As the saying goes, the two things certain in life are death and taxes. In many countries, that includes being taxed after death, which is a tad unsporting, one might think. You pay your taxes on income, capital, and consumption during your life, make the most of what’s left, then when you kick the bucket the government wants another slice of the estate pie. Effectively, a legal form of double taxation. The US Republican-majority Senate last week voted in favor of doing what some countries have already done, to abolish the estate tax. All but one Republican voted in favor; all but one Democrat voted against. “For” arguments included that farmers and small family businesses can be hit especially hard, forcing them to sell assets such as land or the business to pay the tax. Arguments against included that the measure would benefit only the very wealthy. All rather academic really, as the chance of this getting past President Obama is about as likely as a globe-aligning, corporate tax rate-reducing, full US tax reform. In other words, it was a nice idea while it lasted.
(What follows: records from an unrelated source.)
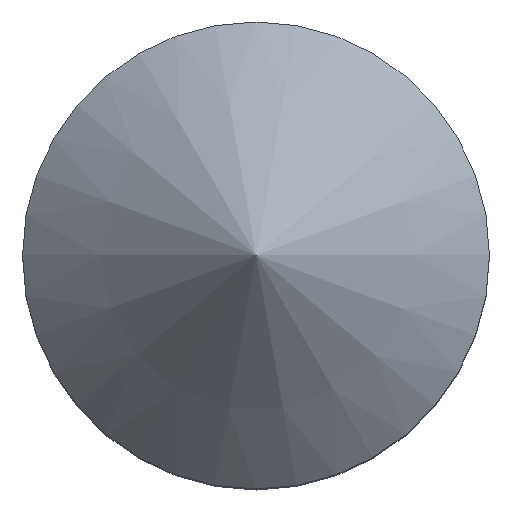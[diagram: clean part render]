
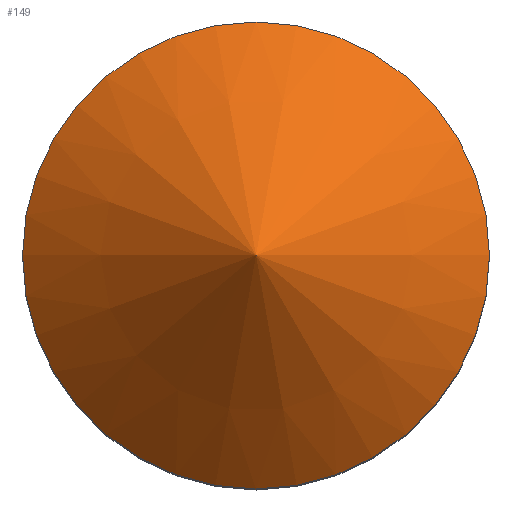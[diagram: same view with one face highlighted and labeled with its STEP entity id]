
A CAD part, top view. The second image highlights one B-rep face of the part: STEP entity #149.
In plain terms, the highlighted conical face has half-angle 49.031 degrees and reference radius 0 mm.
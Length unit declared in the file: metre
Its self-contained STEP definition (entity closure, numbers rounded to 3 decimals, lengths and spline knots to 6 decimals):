
#20=VERTEX_LOOP('',#69);
#22=CONICAL_SURFACE('',#251,0.,0.856);
#37=ORIENTED_EDGE('',*,*,#57,.F.);
#57=EDGE_CURVE('',#68,#68,#80,.T.);
#68=VERTEX_POINT('',#328);
#69=VERTEX_POINT('',#329);
#80=CIRCLE('',#252,0.078176);
#93=EDGE_LOOP('',(#37));
#115=FACE_BOUND('',#93,.T.);
#116=FACE_BOUND('',#20,.T.);
#149=ADVANCED_FACE('',(#115,#116),#22,.T.);
#251=AXIS2_PLACEMENT_3D('',#326,#282,#283);
#252=AXIS2_PLACEMENT_3D('',#327,#284,#285);
#282=DIRECTION('',(0.,0.,-1.));
#283=DIRECTION('',(-1.,0.,0.));
#284=DIRECTION('',(0.,0.,-1.));
#285=DIRECTION('',(-1.,0.,0.));
#326=CARTESIAN_POINT('',(0.,0.,0.363091));
#327=CARTESIAN_POINT('',(0.,0.,0.295208));
#328=CARTESIAN_POINT('',(-0.078176,0.,0.295208));
#329=CARTESIAN_POINT('',(0.,0.,0.363091));
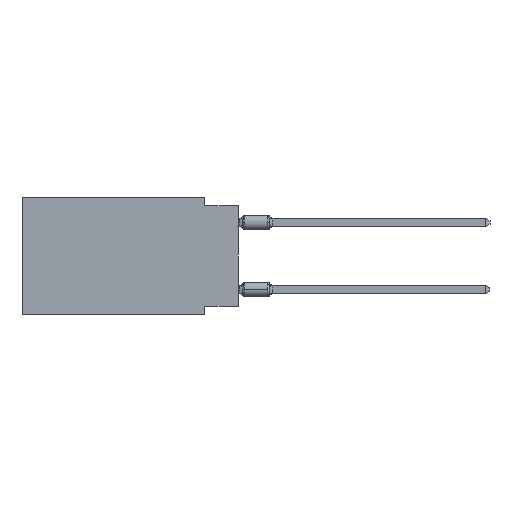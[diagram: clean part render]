
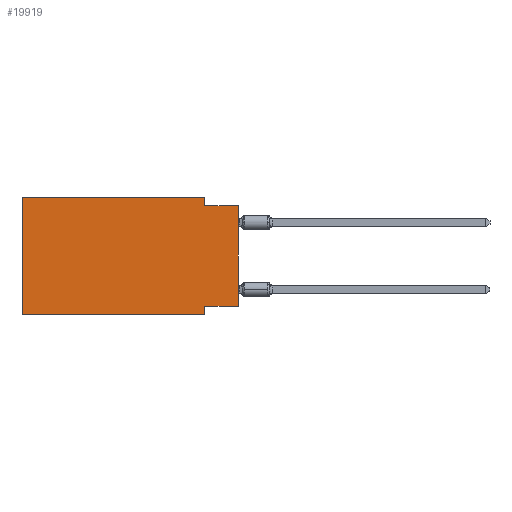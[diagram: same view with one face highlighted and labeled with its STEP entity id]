
A CAD part, left-side view. The second image highlights one B-rep face of the part: STEP entity #19919.
In plain terms, the highlighted planar face has unit normal (-1, 0, 0).
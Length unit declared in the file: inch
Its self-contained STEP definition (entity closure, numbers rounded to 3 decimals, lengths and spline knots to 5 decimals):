
#335 = VECTOR ( 'NONE', #16833, 39.37008 ) ;
#793 = DIRECTION ( 'NONE',  ( 0., 0., 1. ) ) ;
#990 = ORIENTED_EDGE ( 'NONE', *, *, #19545, .F. ) ;
#1028 = VERTEX_POINT ( 'NONE', #6984 ) ;
#1150 = VECTOR ( 'NONE', #7054, 39.37008 ) ;
#1235 = CARTESIAN_POINT ( 'NONE',  ( 0., 0.645, -0.35 ) ) ;
#1281 = CARTESIAN_POINT ( 'NONE',  ( 0., 0., -0.325 ) ) ;
#1785 = ORIENTED_EDGE ( 'NONE', *, *, #20801, .F. ) ;
#2394 = CARTESIAN_POINT ( 'NONE',  ( 0., 0.1, -0.025 ) ) ;
#2494 = LINE ( 'NONE', #2840, #3473 ) ;
#2840 = CARTESIAN_POINT ( 'NONE',  ( 0., 0., -0.325 ) ) ;
#2956 = EDGE_CURVE ( 'NONE', #12137, #1028, #16329, .T. ) ;
#3291 = VECTOR ( 'NONE', #793, 39.37008 ) ;
#3473 = VECTOR ( 'NONE', #9512, 39.37008 ) ;
#3984 = CARTESIAN_POINT ( 'NONE',  ( 0., 0.1, -0.325 ) ) ;
#4377 = DIRECTION ( 'NONE',  ( 1., 0., 0. ) ) ;
#4407 = CARTESIAN_POINT ( 'NONE',  ( 0., 0.645, 0. ) ) ;
#5032 = VERTEX_POINT ( 'NONE', #17302 ) ;
#6018 = DIRECTION ( 'NONE',  ( 0., 0., -1. ) ) ;
#6594 = ORIENTED_EDGE ( 'NONE', *, *, #10621, .F. ) ;
#6984 = CARTESIAN_POINT ( 'NONE',  ( 0., 0., -0.025 ) ) ;
#7054 = DIRECTION ( 'NONE',  ( 0., 0., -1. ) ) ;
#7086 = ORIENTED_EDGE ( 'NONE', *, *, #2956, .T. ) ;
#7884 = PLANE ( 'NONE',  #14530 ) ;
#8606 = DIRECTION ( 'NONE',  ( 0., 0., -1. ) ) ;
#8845 = VECTOR ( 'NONE', #13280, 39.37008 ) ;
#9512 = DIRECTION ( 'NONE',  ( 0., 1., 0. ) ) ;
#9614 = VERTEX_POINT ( 'NONE', #12579 ) ;
#9643 = LINE ( 'NONE', #20194, #8845 ) ;
#10621 = EDGE_CURVE ( 'NONE', #5032, #18923, #9643, .T. ) ;
#10685 = CARTESIAN_POINT ( 'NONE',  ( 0., 0.645, -0.35 ) ) ;
#11628 = ORIENTED_EDGE ( 'NONE', *, *, #14596, .T. ) ;
#12048 = VECTOR ( 'NONE', #12098, 39.37008 ) ;
#12098 = DIRECTION ( 'NONE',  ( 0., -1., 0. ) ) ;
#12137 = VERTEX_POINT ( 'NONE', #1281 ) ;
#12579 = CARTESIAN_POINT ( 'NONE',  ( 0., 0.1, -0.35 ) ) ;
#12936 = FACE_OUTER_BOUND ( 'NONE', #22841, .T. ) ;
#13232 = VERTEX_POINT ( 'NONE', #2394 ) ;
#13280 = DIRECTION ( 'NONE',  ( 0., -1., 0. ) ) ;
#13325 = CARTESIAN_POINT ( 'NONE',  ( 0., 0.1, 0. ) ) ;
#13501 = VERTEX_POINT ( 'NONE', #3984 ) ;
#14530 = AXIS2_PLACEMENT_3D ( 'NONE', #20302, #4377, #6018 ) ;
#14596 = EDGE_CURVE ( 'NONE', #21551, #9614, #20860, .T. ) ;
#14661 = DIRECTION ( 'NONE',  ( 0., 0., 1. ) ) ;
#14829 = CARTESIAN_POINT ( 'NONE',  ( 0., 0., -0.025 ) ) ;
#15493 = ORIENTED_EDGE ( 'NONE', *, *, #16047, .F. ) ;
#16047 = EDGE_CURVE ( 'NONE', #12137, #13501, #2494, .T. ) ;
#16098 = VECTOR ( 'NONE', #14661, 39.37008 ) ;
#16214 = LINE ( 'NONE', #23073, #1150 ) ;
#16329 = LINE ( 'NONE', #21679, #16098 ) ;
#16833 = DIRECTION ( 'NONE',  ( 0., -1., 0. ) ) ;
#17191 = CARTESIAN_POINT ( 'NONE',  ( 0., 0.1, 0. ) ) ;
#17302 = CARTESIAN_POINT ( 'NONE',  ( 0., 0.645, 0. ) ) ;
#18701 = LINE ( 'NONE', #4407, #3291 ) ;
#18923 = VERTEX_POINT ( 'NONE', #13325 ) ;
#19444 = EDGE_CURVE ( 'NONE', #13232, #1028, #21270, .T. ) ;
#19545 = EDGE_CURVE ( 'NONE', #21551, #5032, #18701, .T. ) ;
#19919 = ADVANCED_FACE ( 'NONE', ( #12936 ), #7884, .F. ) ;
#20194 = CARTESIAN_POINT ( 'NONE',  ( 0., 0.645, 0. ) ) ;
#20302 = CARTESIAN_POINT ( 'NONE',  ( 0., 0.645, 0. ) ) ;
#20801 = EDGE_CURVE ( 'NONE', #18923, #13232, #22773, .T. ) ;
#20860 = LINE ( 'NONE', #10685, #12048 ) ;
#20893 = VECTOR ( 'NONE', #8606, 39.37008 ) ;
#21270 = LINE ( 'NONE', #14829, #335 ) ;
#21289 = ORIENTED_EDGE ( 'NONE', *, *, #21722, .F. ) ;
#21551 = VERTEX_POINT ( 'NONE', #1235 ) ;
#21679 = CARTESIAN_POINT ( 'NONE',  ( 0., 0., 0. ) ) ;
#21722 = EDGE_CURVE ( 'NONE', #13501, #9614, #16214, .T. ) ;
#22012 = ORIENTED_EDGE ( 'NONE', *, *, #19444, .F. ) ;
#22773 = LINE ( 'NONE', #17191, #20893 ) ;
#22841 = EDGE_LOOP ( 'NONE', ( #7086, #22012, #1785, #6594, #990, #11628, #21289, #15493 ) ) ;
#23073 = CARTESIAN_POINT ( 'NONE',  ( 0., 0.1, -0.35 ) ) ;
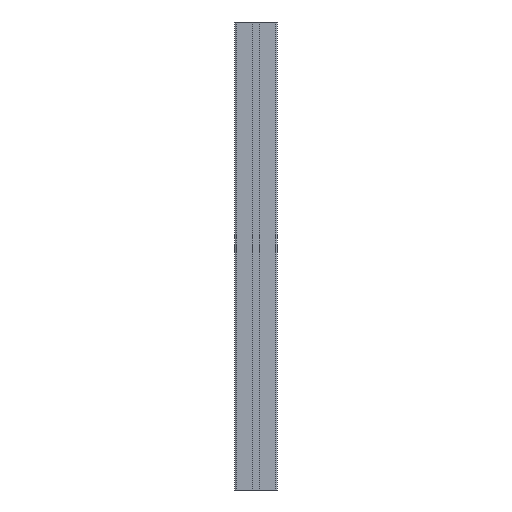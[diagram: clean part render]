
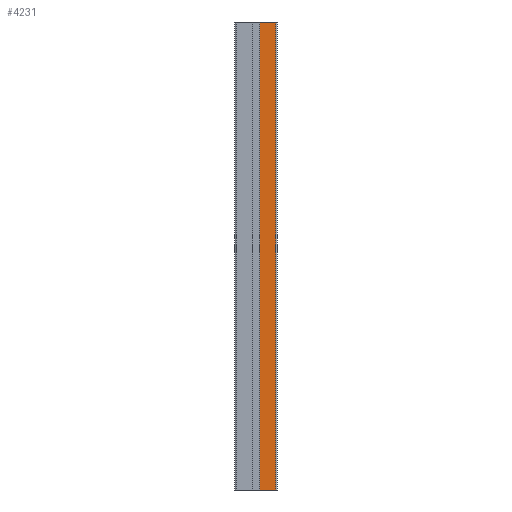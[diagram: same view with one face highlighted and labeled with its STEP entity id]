
A CAD part, left-side view. The second image highlights one B-rep face of the part: STEP entity #4231.
In plain terms, the highlighted planar face has unit normal (-1, 0, 0).
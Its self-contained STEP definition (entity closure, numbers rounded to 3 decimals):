
#353=FACE_OUTER_BOUND('',#570,.T.);
#570=EDGE_LOOP('',(#3578,#3579,#3580,#3581));
#1024=LINE('',#6694,#1544);
#1078=LINE('',#6811,#1598);
#1079=LINE('',#6814,#1599);
#1080=LINE('',#6815,#1600);
#1544=VECTOR('',#5482,10.);
#1598=VECTOR('',#5578,10.);
#1599=VECTOR('',#5581,10.);
#1600=VECTOR('',#5582,10.);
#1987=VERTEX_POINT('',#6691);
#1988=VERTEX_POINT('',#6693);
#2030=VERTEX_POINT('',#6809);
#2031=VERTEX_POINT('',#6813);
#2555=EDGE_CURVE('',#1987,#1988,#1024,.T.);
#2614=EDGE_CURVE('',#1987,#2030,#1078,.T.);
#2615=EDGE_CURVE('',#2031,#2030,#1079,.T.);
#2616=EDGE_CURVE('',#1988,#2031,#1080,.T.);
#3578=ORIENTED_EDGE('',*,*,#2614,.T.);
#3579=ORIENTED_EDGE('',*,*,#2615,.F.);
#3580=ORIENTED_EDGE('',*,*,#2616,.F.);
#3581=ORIENTED_EDGE('',*,*,#2555,.F.);
#4029=PLANE('',#4545);
#4231=ADVANCED_FACE('',(#353),#4029,.T.);
#4545=AXIS2_PLACEMENT_3D('',#6812,#5579,#5580);
#5482=DIRECTION('',(0.,1.,0.));
#5578=DIRECTION('',(0.,0.,1.));
#5579=DIRECTION('center_axis',(-1.,0.,0.));
#5580=DIRECTION('ref_axis',(0.,-1.,0.));
#5581=DIRECTION('',(0.,-1.,0.));
#5582=DIRECTION('',(0.,0.,1.));
#6691=CARTESIAN_POINT('',(-22.5,-42.,-500.));
#6693=CARTESIAN_POINT('',(-22.5,-7.5,-500.));
#6694=CARTESIAN_POINT('',(-22.5,-7.5,-500.));
#6809=CARTESIAN_POINT('',(-22.5,-42.,500.));
#6811=CARTESIAN_POINT('',(-22.5,-42.,0.));
#6812=CARTESIAN_POINT('Origin',(-22.5,-7.5,0.));
#6813=CARTESIAN_POINT('',(-22.5,-7.5,500.));
#6814=CARTESIAN_POINT('',(-22.5,-7.5,500.));
#6815=CARTESIAN_POINT('',(-22.5,-7.5,0.));
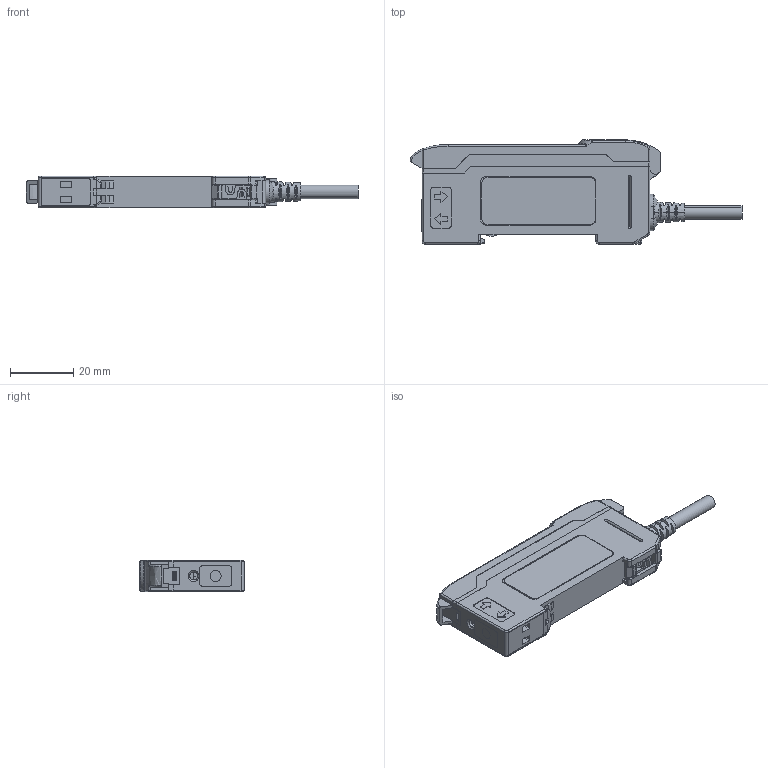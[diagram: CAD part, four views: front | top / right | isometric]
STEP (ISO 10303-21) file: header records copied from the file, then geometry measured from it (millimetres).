
FILE_DESCRIPTION((''),'2;1');
FILE_NAME('177888_ASM','2015-08-13T',('pdmadmin'),(''),'PRO/ENGINEER BY PARAMETRIC TECHNOLOGY CORPORATION, 2013230','PRO/ENGINEER BY PARAMETRIC TECHNOLOGY CORPORATION, 2013230','');
FILE_SCHEMA(('CONFIG_CONTROL_DESIGN'));
Products named in the file (19): 156397; 158608_AF1; 118171_ASSY-158606_AF7; 156383_DRW_ASM; 156394; 156396; 156393; 156520; SMSWR1A_1; SMSWR4_1; 156392; 157537; 156399; 156400_W_LOGO; 160111; 160112; 156398; 174694; 177888_ASM
Assembly tree (18 placements, depth 3):
  177888_ASM
    156397
    156383_DRW_ASM
      158608_AF1
      118171_ASSY-158606_AF7
    156394
    156396
    156393
    156520
    SMSWR1A_1
    SMSWR4_1
    156392
    157537
    156399
    156400_W_LOGO
    160111
    160112
    156398
    174694
Bounding box: 105 x 33 x 10.1 mm (x, y, z)
Volume: 9521.1 mm3; surface area: 23267.4 mm2
Topology: 17 solids, 17 shells, 2497 faces, 6710 edges, 4342 vertices
Faces by surface type: plane 1791, cylinder 505, bspline 95, sphere 40, torus 35, cone 26, extrusion 5
Entity records: 81633 total; most frequent: CARTESIAN_POINT 18955, ORIENTED_EDGE 13388, DIRECTION 12197, EDGE_CURVE 6694, VECTOR 5241, LINE 5236, VERTEX_POINT 4342, AXIS2_PLACEMENT_3D 3478

Across the pond, a minor economy that has been impacting the global economy in a very disproportionate manner is facing its own challenges over estate taxes. Greece has been referred to the European Court of Justice for imposing a preferential 0.5 percent inheritance tax rate for legacies to certain Greek non-profit organizations, while legacies to similar entities in other EU/EEA member states are subject to rates of 20–40 percent if a reciprocity arrangement is not in place. Which, it is claimed, makes the latter in breach of the principle of free movement of capital under EU law. This might appear somewhat inconsequential considering the challenges faced by Greece and, by extension, the EU presently. Yet despite the requirement for major tax reform in the former, and the potential for a “Grexit” destabilizing the entire eurozone in the latter, principles regarding a minor element of Greek inheritance tax law must be upheld to maintain standards, I suppose.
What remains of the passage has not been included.